Does anyone remember the structured programming arguments that occurred, oh,
ten years before I was born? There was a lot of arguing back and forth, but
one of the arguments made was that when your program was structured, your
position in the program means something. Just making up some quick psuedocode:

    
    
      def x(y: int, z: int):
          for i in 1 to 10:
      -->      print i * y + z
    
      def a(b: int):
          for i in 1 to 5:
               print i
               x(b, 3)
    

At the line that I marked, the very fact the program counter is pointing
there, and by extension the stack trace up to the point given, means certain
things. We know we have an x and a y which aren't just "undef", we know we're
in a call from a (in this case), and therefore, any preconditions or
invariants that are provided by those functions are also in effect at this
point in time. One of several reasons spaghetti code is bad is that the
program counter means much less; we don't know how we got there, we don't know
what invariants are in effect, in the old school assembler case we know almost
nothing at all, for all we know we just lept here with a goto.

As is almost always the case, this is a small trivial example, but when you
start layering many things on top of each other, layering in functions that
provide safe file handling or other resource management or state machines or
any of the other tools we've built on structured programming or its smarter
child Object Orientation, it becomes difficult to in some cases impossible to
follow all this in your head. Or deal with the work to make this stuff compose
together properly without layers actively stomping on each other. After
spending some time with the modern functional world and their increasing focus
on composability, working with async event programming feels like stepping
back in time 20 years.

Asynchronous event-based code is not as bad as old-school assembler, because
the event handlers themselves are still using the ideas of structured
programming internally. But the code as a whole is spaghetti code. I'm not the
first to say that, but it turns out upon reflection it's not a slur or a
metaphor, it is actually descriptive and fair.

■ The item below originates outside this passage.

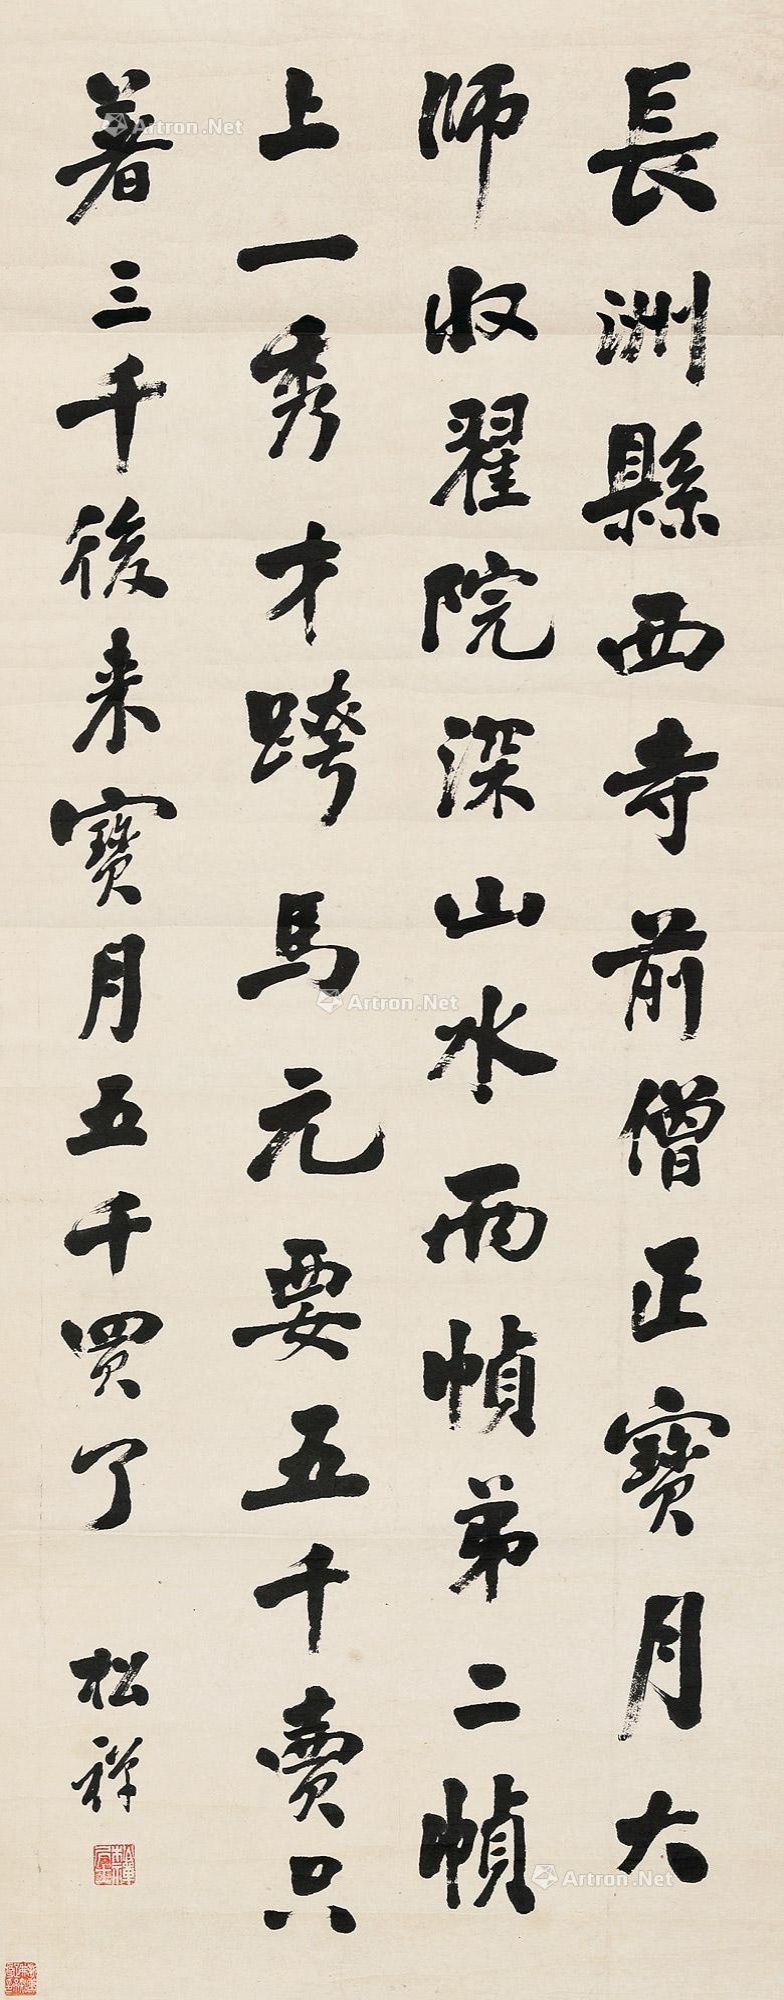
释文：长洲县西寺前僧正宝月大师。收翟院深山水两帧。弟二帧上，一秀才跨马，元要五千卖，只着三千，后来宝月五千买了。松禅。

Async event code actually does
share many of the critical properties of spaghetti code, as the term was first
used. You don't have a call stack, you don't have the invariants, you're just
adrift in the code.

Of course with massive amounts of discipline you can function anyhow. You can
program structured code in assembler with massive amounts of discipline. But
A: you are spending valuable developer mindpower maintaining that discipline
which is better done by a language/runtime/VM, no matter how smart you are
you're still better off spending your smart on something other than raw
plumbing and B: it's actually harder than you think. We've so thoroughly,
utterly internalized structured programming since even before I was born that
we can't hardly even see what we're getting out of it, and consequently we
don't easily realize what we're giving up when we adopt this style. We aren't
any better _people_ than our assembler ancestors, we're not particularly more
disciplined than them, and they switched to structured programming for a
reason.

I'm this critical because I'm actually trapped in this style at work,
fortunately just in one of several subprograms but it's still annoying as hell
and the one that always takes far longer to work with than I'd like. It's an
excess of experience, not a deficit, causing me to be this critical. And I've
really come to loath this style. Compiling is for computers, not humans.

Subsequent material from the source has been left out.